After doing a five years stint as a main feature in PTV Program "Jharney", produced by Shoaib Mansoor, he ended up as a highly popular artist, with many hits like "Meri Ankhon se iss dunya ko dekho, phir jo chaho tau chali janaمیری آنکھوں سے اس دنیا کو دیکھو پھر چاہو تو چلی جانا ", "Tumse bicharker", "Nazaray" and several other hit songs. He teamed up with Sultana Siddiqui doing a regular quarterly PTV show Dhanak as a singer and presenter. Then with Sahira Kazimi in PTV show Rang Tarang again for a long span of time. From that show, he piled up his hit songs like "Mere Bachpan Ke Din, Kitnay Achay thay Din" and "Ye Pehli Pehli Barish".

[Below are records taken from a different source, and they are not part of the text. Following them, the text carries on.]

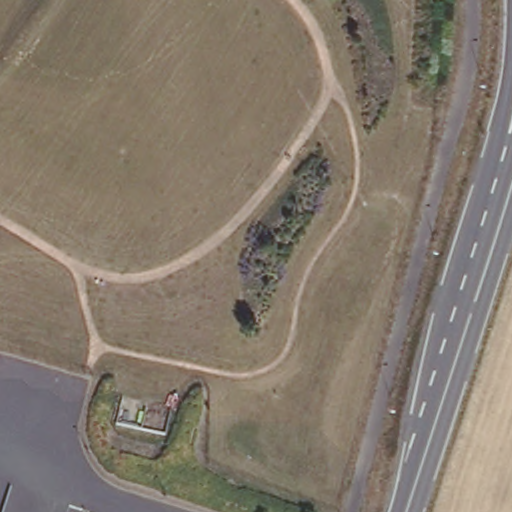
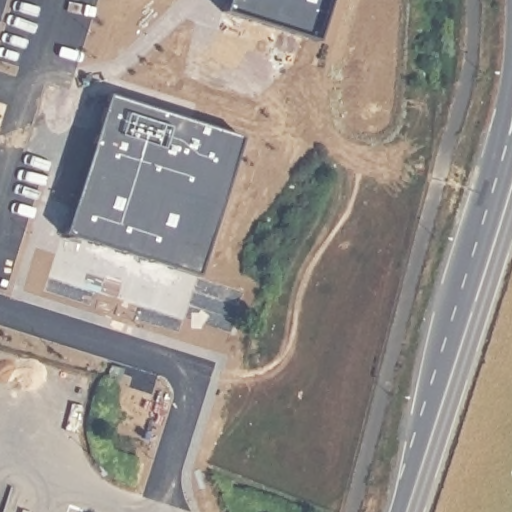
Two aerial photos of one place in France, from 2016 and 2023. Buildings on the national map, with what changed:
new [(318,40),(229,12),(232,0),(330,0),(318,40)]
new [(237,139),(197,273),(69,237),(110,98),(237,139)]

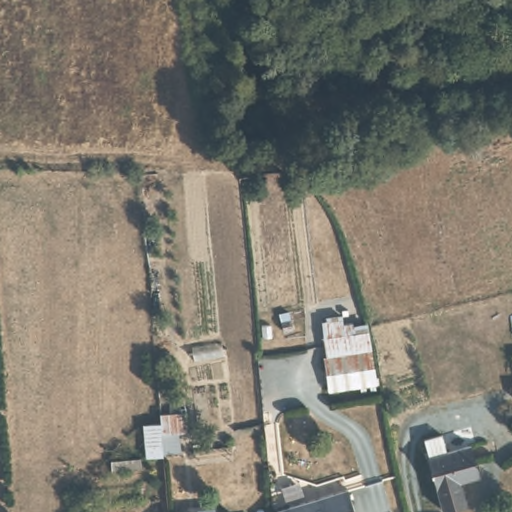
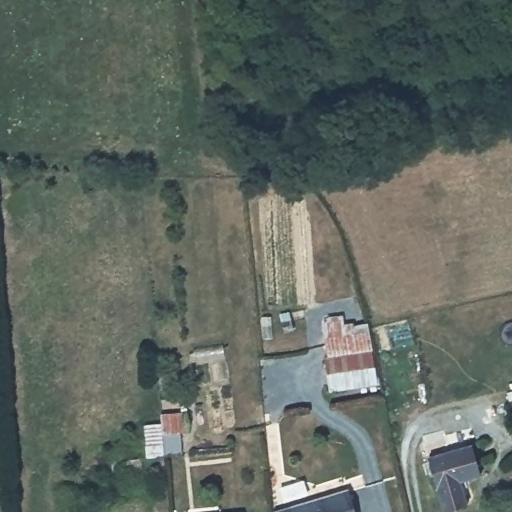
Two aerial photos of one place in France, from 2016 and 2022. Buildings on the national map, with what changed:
unchanged [(322,339),(369,331),(377,381),(328,390),(322,339)]
unchanged [(140,427),(159,425),(156,411),(187,408),(188,447),(143,457),(140,427)]
unchanged [(443,426),(447,440),(470,435),(478,473),(462,477),(468,504),(435,512),(430,512),(412,434),(443,426)]
unchanged [(352,512),(275,512),(275,509),(346,488),(352,512)]

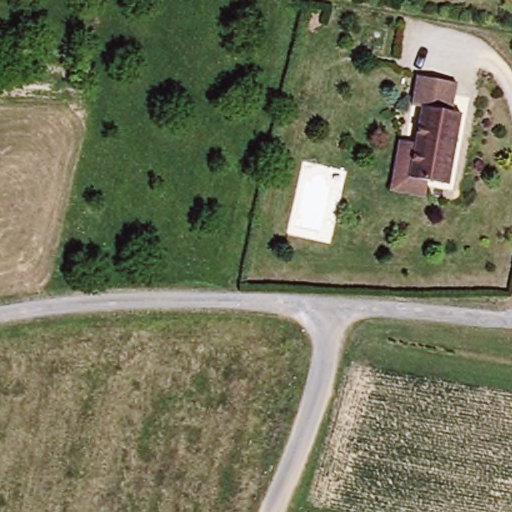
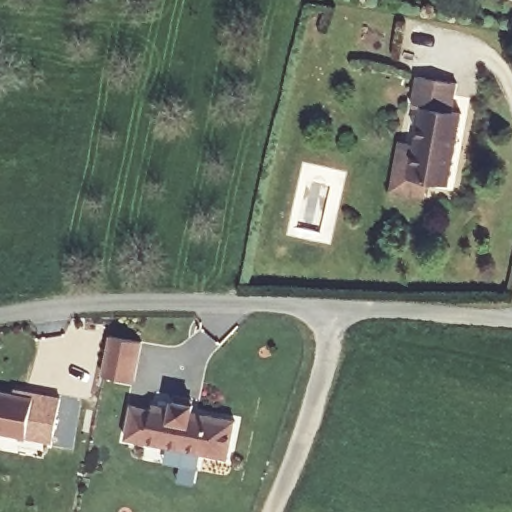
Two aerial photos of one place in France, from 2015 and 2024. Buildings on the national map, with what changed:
unchanged [(394,194),(402,146),(417,149),(424,111),(415,110),(420,80),(459,87),(454,116),(464,117),(451,189),(428,185),(426,200),(394,194)]
new [(143,340),(136,381),(103,376),(110,335),(143,340)]
new [(15,390),(33,393),(60,398),(52,442),(0,433),(0,392),(15,395),(15,390)]
new [(130,405),(152,408),(153,405),(170,408),(172,400),(195,403),(194,410),(210,413),(210,416),(236,420),(228,460),(125,438),(130,405)]

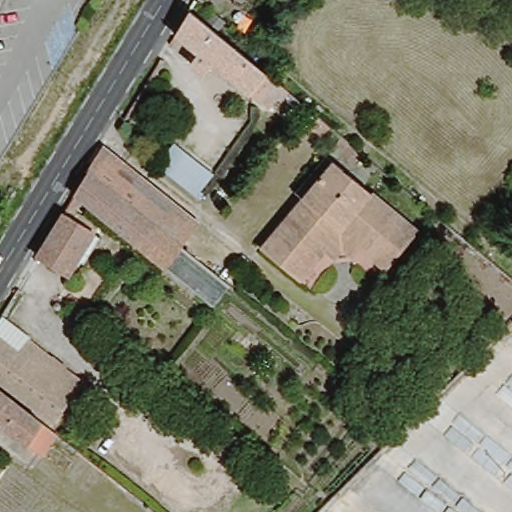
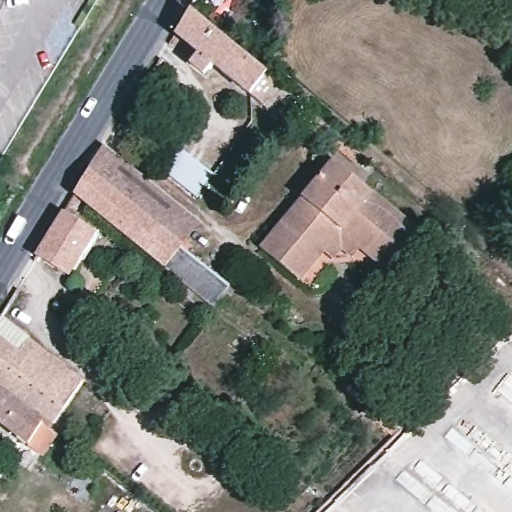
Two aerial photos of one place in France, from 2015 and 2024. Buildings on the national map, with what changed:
unchanged [(184,14),(276,91),(260,110),(205,65),(197,75),(184,65),(192,54),(170,35),(184,14)]
unchanged [(310,111),(327,125),(320,135),(303,121),(310,111)]
unchanged [(211,171),(194,196),(152,156),(172,141),(211,171)]
unchanged [(172,241),(82,168),(97,144),(189,218),(172,241)]
unchanged [(257,249),(299,197),(292,192),(322,156),(333,165),(262,253),(257,249)]
unchanged [(297,282),(262,253),(333,165),(415,231),(385,268),(358,246),(350,256),(340,249),(330,261),(320,254),(297,282)]
unchanged [(177,245),(160,264),(69,190),(82,168),(172,241),(177,245)]
unchanged [(62,220),(66,212),(96,234),(92,240),(65,278),(37,261),(62,220)]
unchanged [(206,302),(160,264),(177,245),(222,283),(206,302)]
unchanged [(28,335),(81,376),(53,420),(0,381),(0,313),(28,335)]
unchanged [(40,454),(26,444),(0,423),(0,388),(43,422),(57,433),(40,454)]

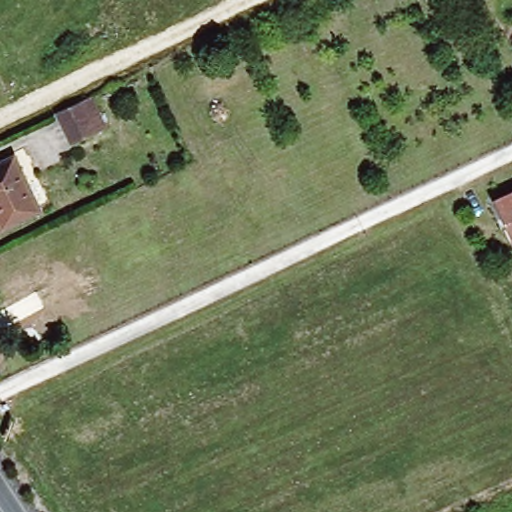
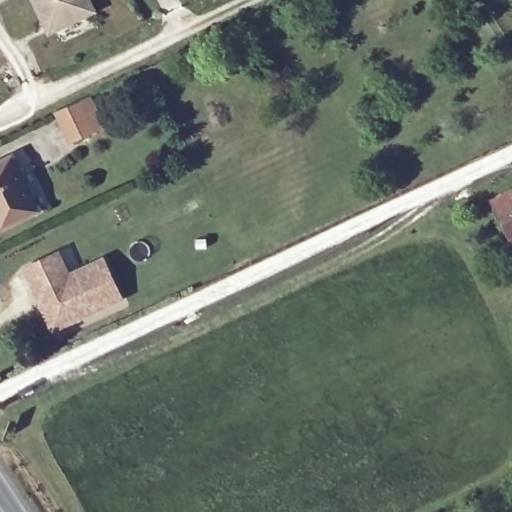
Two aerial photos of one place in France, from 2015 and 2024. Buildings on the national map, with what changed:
new [(97,12),(48,36),(32,0),(92,0),(97,12)]
unchanged [(54,108),(80,96),(89,92),(104,124),(95,127),(70,139),(54,108)]
unchanged [(11,152),(37,207),(0,225),(0,158),(11,152)]
unchanged [(512,236),(494,197),(512,189),(512,236)]
new [(125,301),(51,334),(22,268),(60,250),(70,271),(105,255),(125,301)]

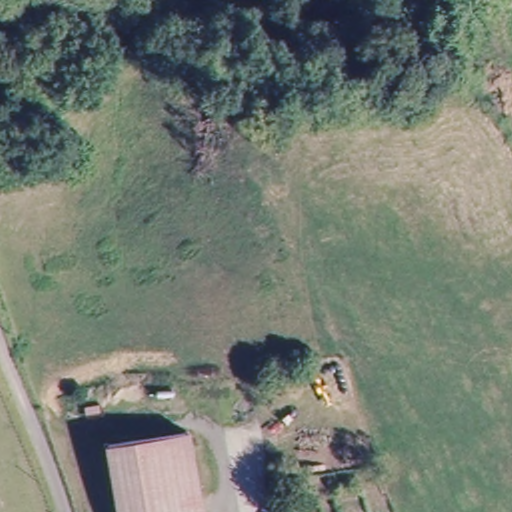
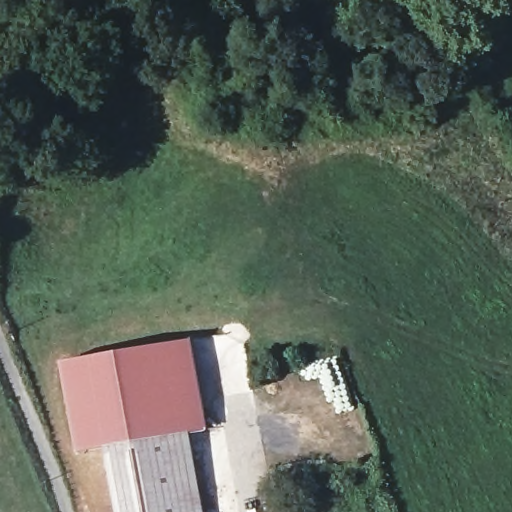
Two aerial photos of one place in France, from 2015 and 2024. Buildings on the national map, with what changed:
new [(75,451),(59,361),(193,339),(208,430),(184,434),(105,447),(75,451)]
unchanged [(198,512),(117,512),(105,447),(184,434),(198,512)]

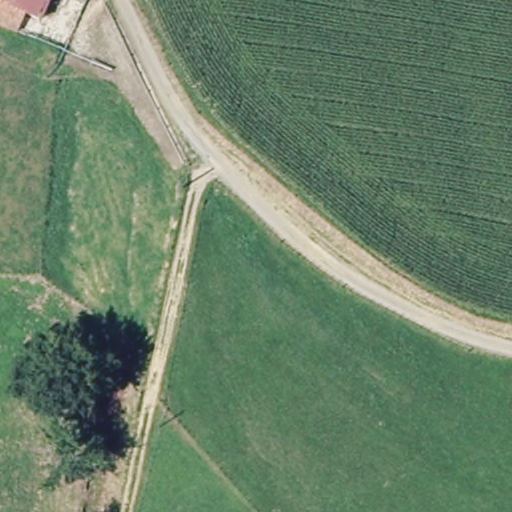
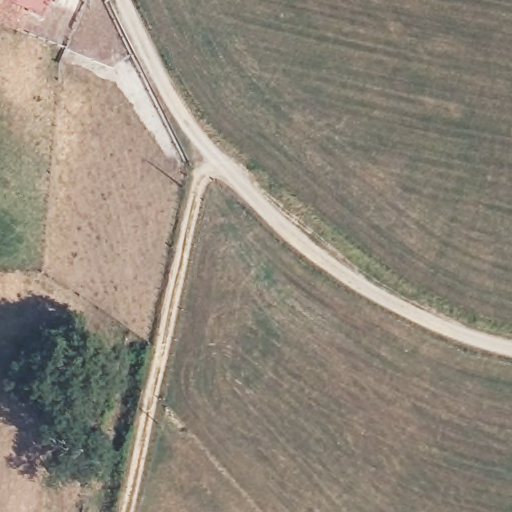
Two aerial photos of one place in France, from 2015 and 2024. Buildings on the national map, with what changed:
unchanged [(20,10),(2,0),(38,0),(31,15),(20,10)]

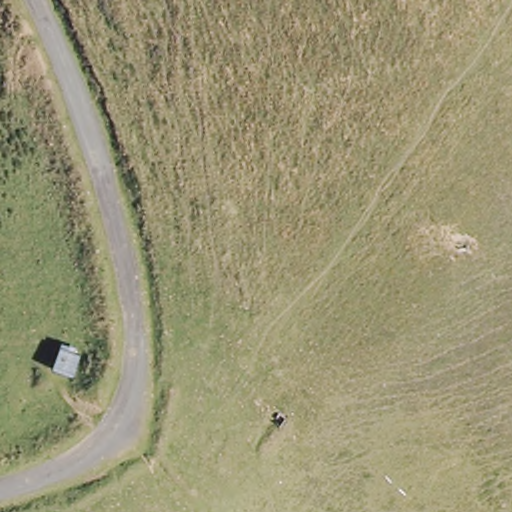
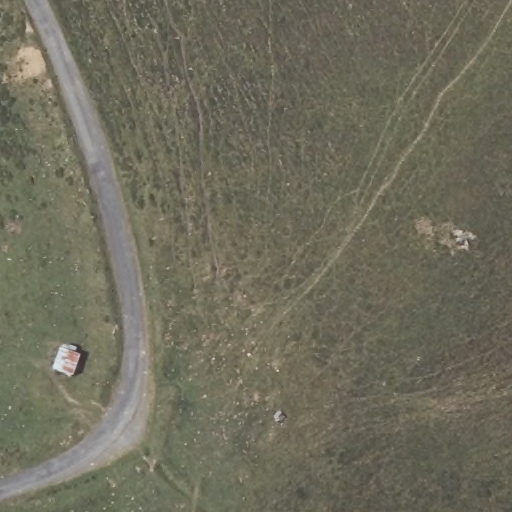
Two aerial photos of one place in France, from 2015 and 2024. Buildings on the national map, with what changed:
unchanged [(57,350),(81,354),(74,377),(53,372),(57,350)]

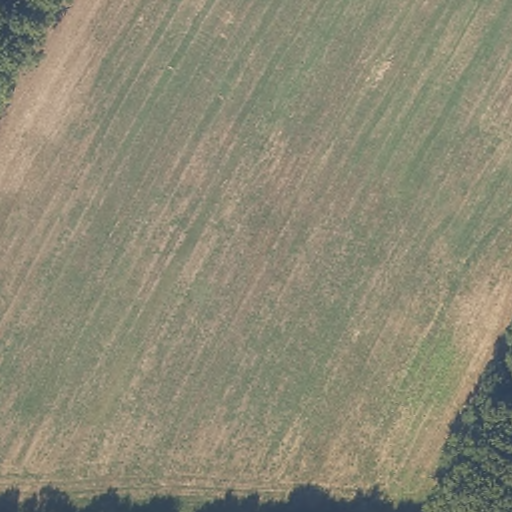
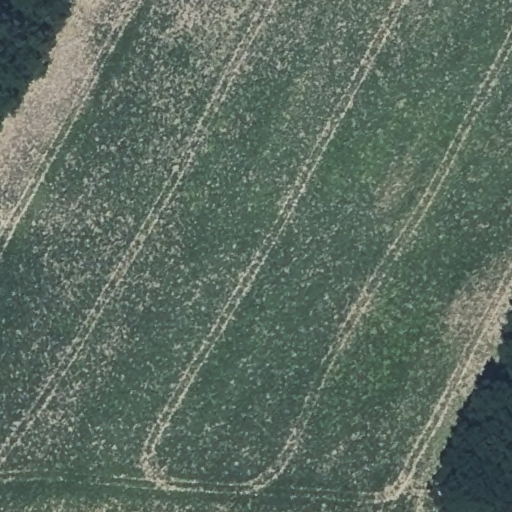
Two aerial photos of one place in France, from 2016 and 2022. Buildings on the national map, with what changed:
[]

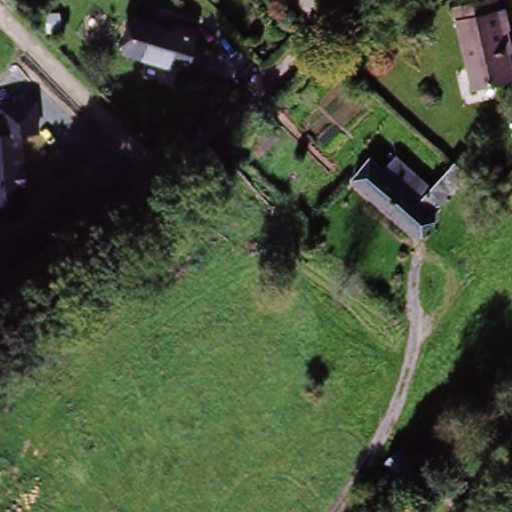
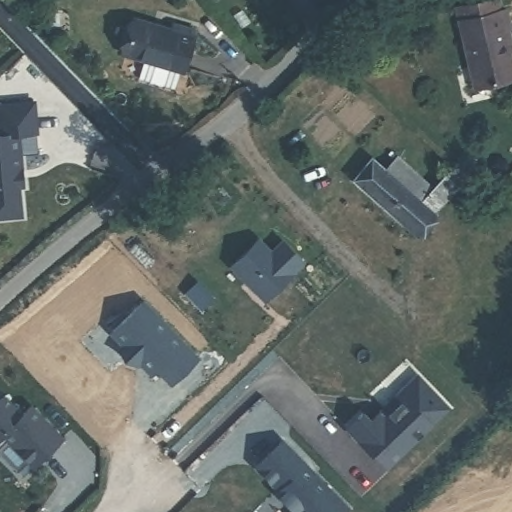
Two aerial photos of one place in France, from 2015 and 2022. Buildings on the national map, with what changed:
unchanged [(504,30),(512,61),(512,78),(476,88),(456,9),(475,3),(489,0),(496,0),(497,9),(505,7),(511,28),(504,30)]
unchanged [(192,34),(181,77),(122,61),(133,25),(170,34),(174,28),(192,34)]
unchanged [(35,135),(22,136),(29,229),(0,229),(0,101),(34,98),(35,135)]
unchanged [(415,233),(360,179),(375,162),(393,177),(400,170),(429,197),(457,166),(469,176),(415,233)]
new [(232,265),(259,239),(272,252),(285,240),(305,261),(293,273),(294,274),(267,301),(232,265)]
new [(141,304),(197,361),(172,386),(157,371),(152,376),(144,368),(147,366),(142,362),(136,368),(123,363),(119,351),(122,347),(110,335),(141,304)]
new [(371,453),(347,429),(363,414),(371,422),(419,375),(440,397),(450,407),(442,414),(389,467),(373,451),(371,453)]
new [(33,471),(28,465),(17,476),(0,459),(0,404),(3,401),(22,420),(30,411),(62,442),(33,471)]
demolished [(53,491),(28,512),(26,512),(0,487),(0,442),(4,438),(53,491)]
new [(277,496),(280,493),(257,469),(283,443),(307,468),(305,470),(314,478),(315,476),(349,510),(347,512),(293,512),(277,496)]
demolished [(397,454),(419,476),(405,486),(385,465),(397,454)]

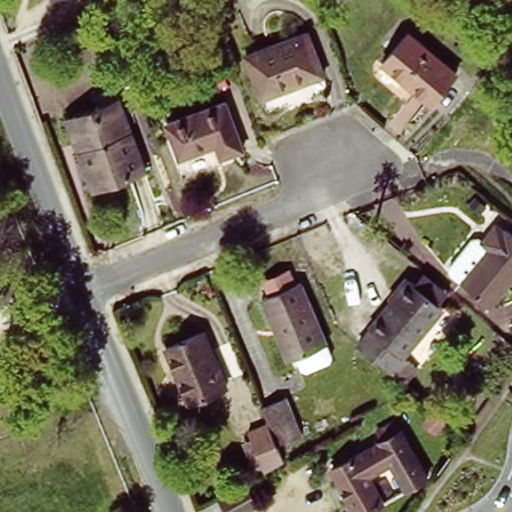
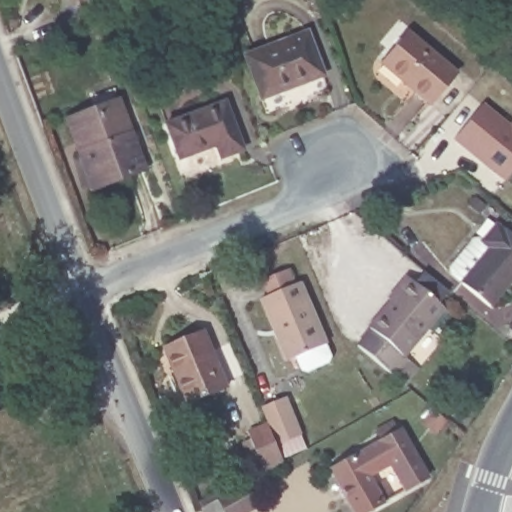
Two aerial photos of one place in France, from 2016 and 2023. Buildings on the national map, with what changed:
unchanged [(390,59),(414,29),(460,68),(435,98),(421,86),(390,59)]
unchanged [(262,95),(246,53),(307,31),(324,72),(262,95)]
unchanged [(97,186),(83,150),(70,116),(79,113),(102,104),(122,96),(127,108),(149,166),(97,186)]
unchanged [(222,154),(215,139),(180,153),(167,120),(225,98),(245,145),(222,154)]
new [(504,180),(453,140),(482,103),(510,125),(512,122),(512,170),(504,180)]
unchanged [(465,278),(492,244),(485,238),(497,223),(505,229),(510,225),(512,226),(512,278),(493,302),(465,278)]
unchanged [(307,283),(334,344),(294,361),(267,299),(307,283)]
unchanged [(389,363),(357,338),(382,310),(377,305),(395,285),(401,290),(427,314),(389,363)]
unchanged [(205,327),(230,382),(193,398),(170,341),(205,327)]
unchanged [(287,389),(301,425),(276,437),(267,414),(260,399),(287,389)]
unchanged [(260,464),(242,424),(267,414),(276,437),(282,451),(260,464)]
unchanged [(402,497),(398,491),(404,489),(381,447),(407,433),(430,481),(402,497)]
unchanged [(380,488),(387,485),(395,501),(374,512),(355,512),(332,471),(364,456),(380,488)]
unchanged [(215,489),(222,504),(207,511),(199,498),(215,489)]

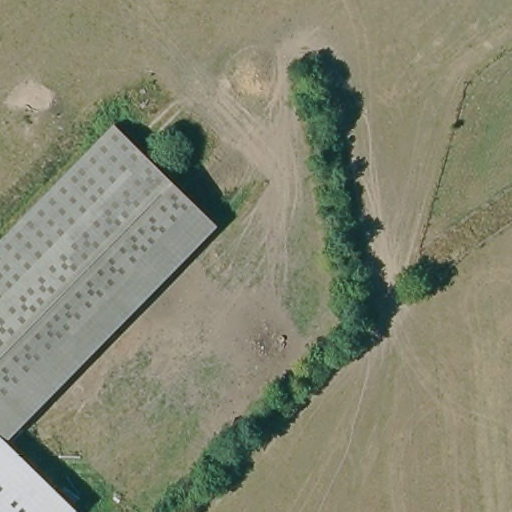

He appeared with famous folk singer Allan Fakir to record this folk song, ‘Teray ishq mein jo doob gaya, Allah, Allah kar bhaiyya". "Ham Raat Bohat Roi" written by the poet Ibn-e-Insha again earned him the national award as the best singer. Due to his origin and fluency in Persian language, he did all Persian poetry programs on PTV of Allama Iqbal with its true essence. His numerous film songs are still remembered fondly, especially songs composed by Indian composer Babul Bose for film "Raaz".

In Pakistani TV film Shorr with actress Babra Sharif, written and directed by Ghazanfar Ali, Shehki, besides playing the lead, also did the music score and film songs.

==Acting career==
In his film career, he acted in a total of 9 films, his films achieved some success at the box office, but the industry was already on the decline, so he left films. His films are Dekh Tamasha (Piyar do ya maardo), Choron ka Badshah (1988 film) celebrated platinum jubilee, Son of Andata (1987), Zor Awar, Sonia, Guide, Wachan, TV film Shorr.